[Stored items]

____

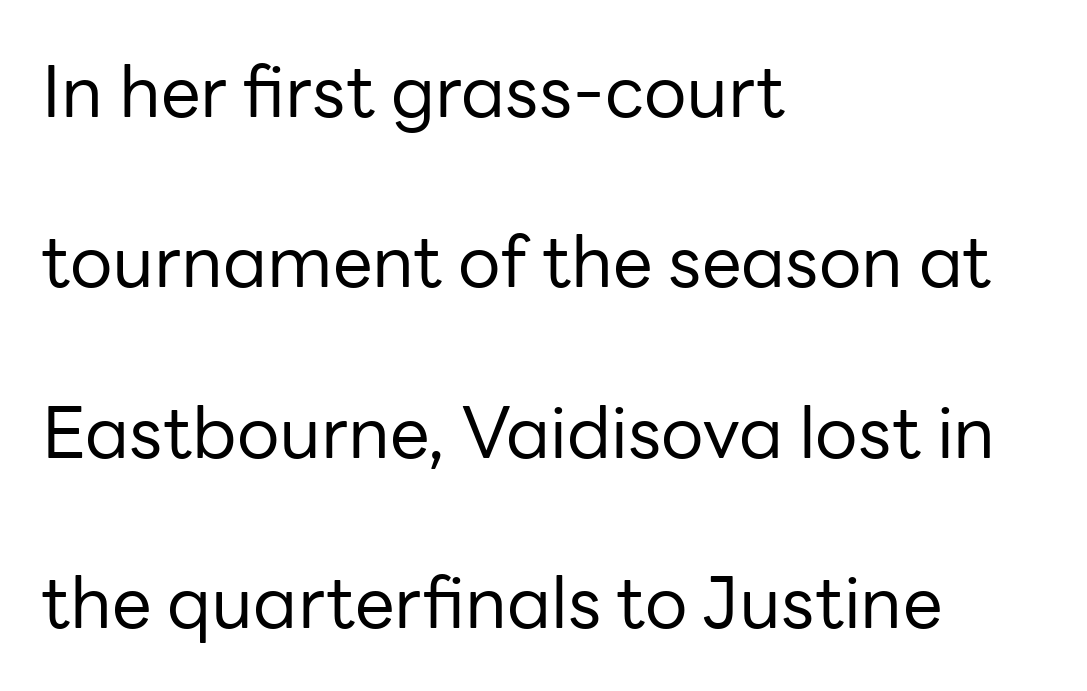
The image shows 71 px regular-weight sans-serif type, upright; set left-aligned, loose line spacing (2.4x), normal letter spacing, not underlined; low stroke contrast and a medium x-height.
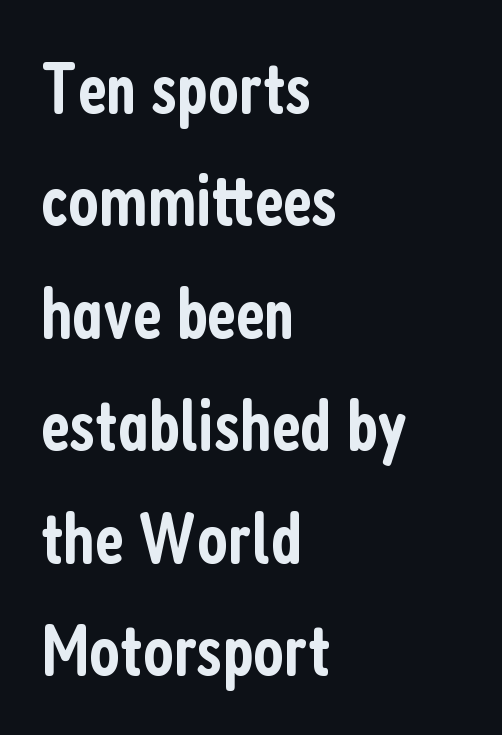
{"serif": "no", "italic": "no", "bold": "semi", "weight": "semibold", "width": "condensed", "stroke_contrast": "low", "x_height": "medium", "monospaced": "no", "underline": "no", "align": "left", "line_spacing": "normal", "line_spacing_ratio": 1.54, "letter_spacing": "normal", "letter_spacing_em": 0.0, "glyph_px": 73}
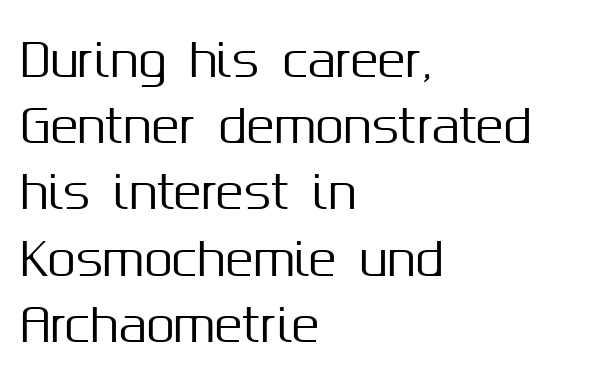
Unlike a traditional serif, this face leaves its strokes unadorned. These lines are rendered in a variable-pitch font. Ordinary non-slanted type is in use. Line starts are locked; line ends wander.
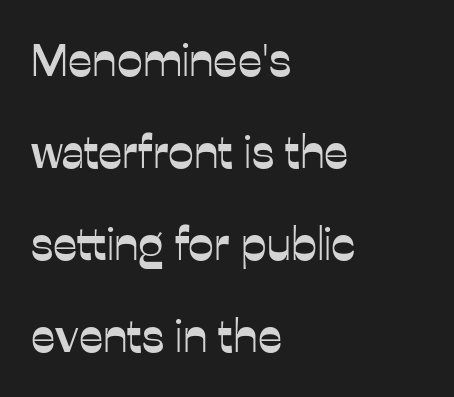
Where is the straight margin? On the left. No feet cap the strokes, marking this as sans-serif type. This sample trades compactness for vertical openness between lines. The foot of each line stays bare and open. When letters stand straight like this, we call the style roman or upright. Do the characters align in a grid? No, the font is proportional.
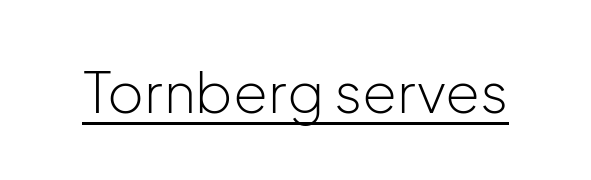
Nothing heavy about these letters — not bold at all. Grotesque or geometric, the face here clearly has no serifs. The lettering holds an erect, upright posture throughout. There is no visible air inserted between adjacent glyphs. The face used here appears with an underline applied.
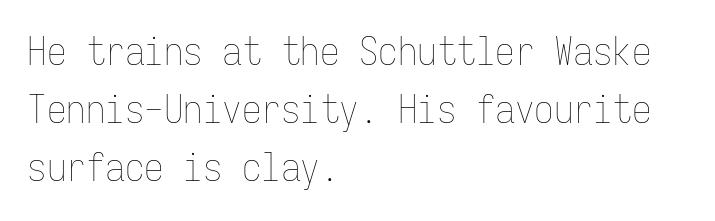
The image shows 39 px thin, condensed type, upright, monospaced; set left-aligned, normal line spacing (1.49x), normal letter spacing, not underlined; low stroke contrast and a medium x-height.
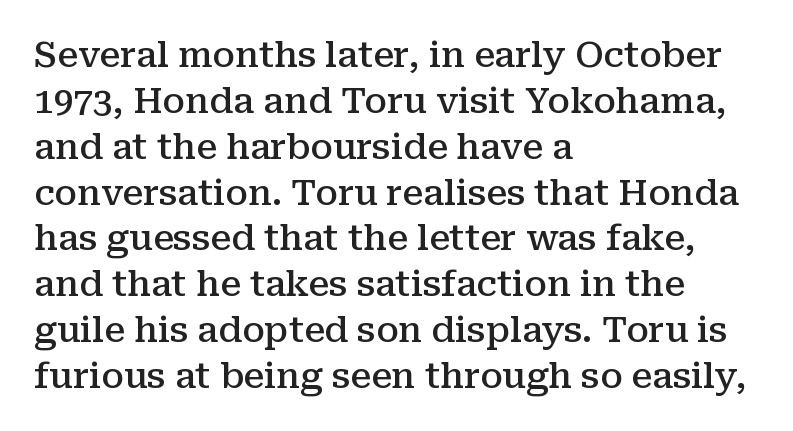
This is the in-between weight designers call semibold or demi. Italic? Not at all — the glyphs are vertical. The zone under the glyphs is completely vacant. A typesetter would call this proportional, since set widths differ per character. The vertical gap from one line to the next is medium.
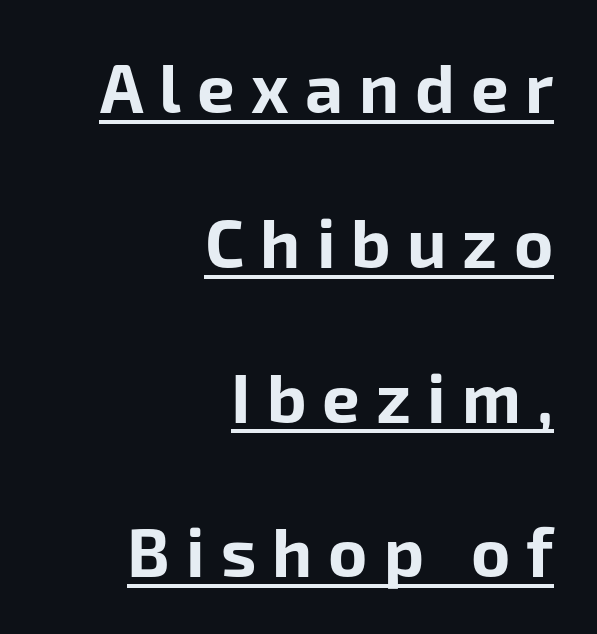
A student would call this right alignment; a typographer would say flush right, rag left. Notice how the stems are strictly vertical — no italics here. Do the characters align in a grid? No, the font is proportional. In terms of letterspacing, this is a distinctly airy, spread setting. Successive baselines arrive slowly, with a big drop between each. A continuous stroke trails under the words, as in a hyperlink.
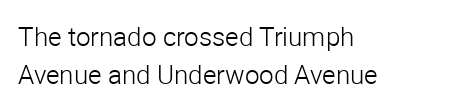
{"italic": "no", "bold": "no", "underline": "no", "align": "left", "line_spacing": "normal", "line_spacing_ratio": 1.45, "letter_spacing": "normal", "letter_spacing_em": 0.0, "glyph_px": 26}
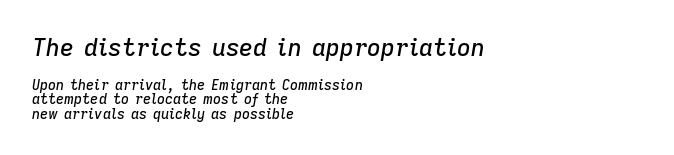
The image shows 24 px text type, italic (leaning right); set left-aligned, tight line spacing (1.03x), normal letter spacing, not underlined; the first (top) block is 1.71x larger.
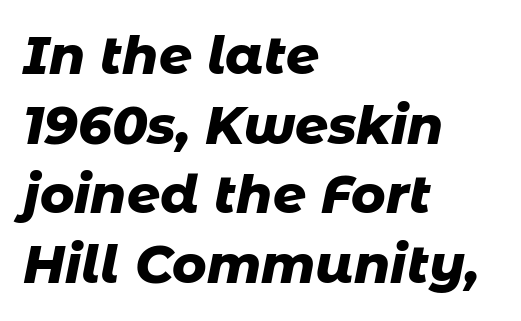
Q: Is the text bold? A: Yes.
Q: Is the text italic (slanted)? A: Yes, it leans right by about 11 degrees.
Q: Is the text underlined? A: No.
Q: How is the paragraph aligned? A: Left-aligned.
Q: Is the spacing between letters normal or unusually wide? A: Normal.
Q: Is the spacing between lines tight, normal or loose? A: Normal.
Q: Width (condensed, normal, or wide)? A: Normal.
Q: Stroke contrast? A: Low.
Q: x-height? A: Medium.
Q: Monospaced? A: No.
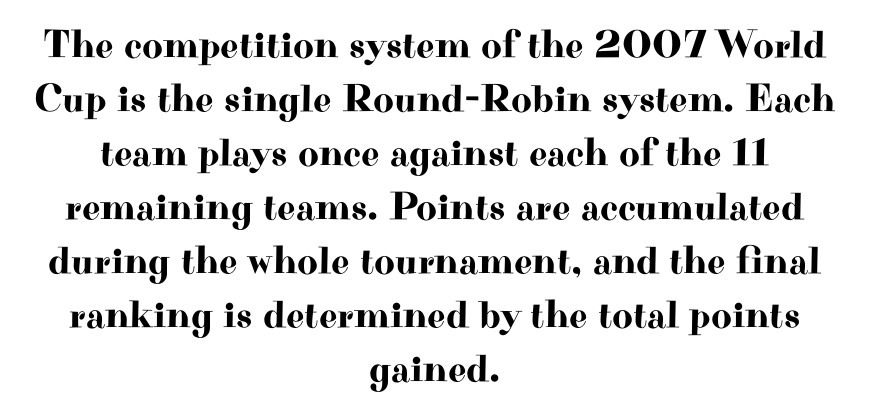
These lines stack symmetrically, like a column narrowing and widening about its center. These lines sit exactly where default settings would place them. Font category for this specimen: serif. The tracking reads as untouched default to a designer's eye. Character widths vary here, with narrow letters taking less room than wide ones. Italic: no, the glyphs are upright roman.

____

[EXERCISE OBJECTIVE] Set the records down again word for word; the pictures stay out.

[SOLUTION FOR THIS TASK]
The image shows 71 px regular-weight sans-serif type, upright; set left-aligned, loose line spacing (2.4x), normal letter spacing, not underlined; low stroke contrast and a medium x-height.
{"serif": "no", "italic": "no", "bold": "semi", "weight": "semibold", "width": "condensed", "stroke_contrast": "low", "x_height": "medium", "monospaced": "no", "underline": "no", "align": "left", "line_spacing": "normal", "line_spacing_ratio": 1.54, "letter_spacing": "normal", "letter_spacing_em": 0.0, "glyph_px": 73}
Unlike a traditional serif, this face leaves its strokes unadorned. These lines are rendered in a variable-pitch font. Ordinary non-slanted type is in use. Line starts are locked; line ends wander.
Where is the straight margin? On the left. No feet cap the strokes, marking this as sans-serif type. This sample trades compactness for vertical openness between lines. The foot of each line stays bare and open. When letters stand straight like this, we call the style roman or upright. Do the characters align in a grid? No, the font is proportional.
Nothing heavy about these letters — not bold at all. Grotesque or geometric, the face here clearly has no serifs. The lettering holds an erect, upright posture throughout. There is no visible air inserted between adjacent glyphs. The face used here appears with an underline applied.
The image shows 39 px thin, condensed type, upright, monospaced; set left-aligned, normal line spacing (1.49x), normal letter spacing, not underlined; low stroke contrast and a medium x-height.
This is the in-between weight designers call semibold or demi. Italic? Not at all — the glyphs are vertical. The zone under the glyphs is completely vacant. A typesetter would call this proportional, since set widths differ per character. The vertical gap from one line to the next is medium.
A student would call this right alignment; a typographer would say flush right, rag left. Notice how the stems are strictly vertical — no italics here. Do the characters align in a grid? No, the font is proportional. In terms of letterspacing, this is a distinctly airy, spread setting. Successive baselines arrive slowly, with a big drop between each. A continuous stroke trails under the words, as in a hyperlink.
{"italic": "no", "bold": "no", "underline": "no", "align": "left", "line_spacing": "normal", "line_spacing_ratio": 1.45, "letter_spacing": "normal", "letter_spacing_em": 0.0, "glyph_px": 26}
The image shows 24 px text type, italic (leaning right); set left-aligned, tight line spacing (1.03x), normal letter spacing, not underlined; the first (top) block is 1.71x larger.
Q: Is the text bold? A: Yes.
Q: Is the text italic (slanted)? A: Yes, it leans right by about 11 degrees.
Q: Is the text underlined? A: No.
Q: How is the paragraph aligned? A: Left-aligned.
Q: Is the spacing between letters normal or unusually wide? A: Normal.
Q: Is the spacing between lines tight, normal or loose? A: Normal.
Q: Width (condensed, normal, or wide)? A: Normal.
Q: Stroke contrast? A: Low.
Q: x-height? A: Medium.
Q: Monospaced? A: No.
These lines stack symmetrically, like a column narrowing and widening about its center. These lines sit exactly where default settings would place them. Font category for this specimen: serif. The tracking reads as untouched default to a designer's eye. Character widths vary here, with narrow letters taking less room than wide ones. Italic: no, the glyphs are upright roman.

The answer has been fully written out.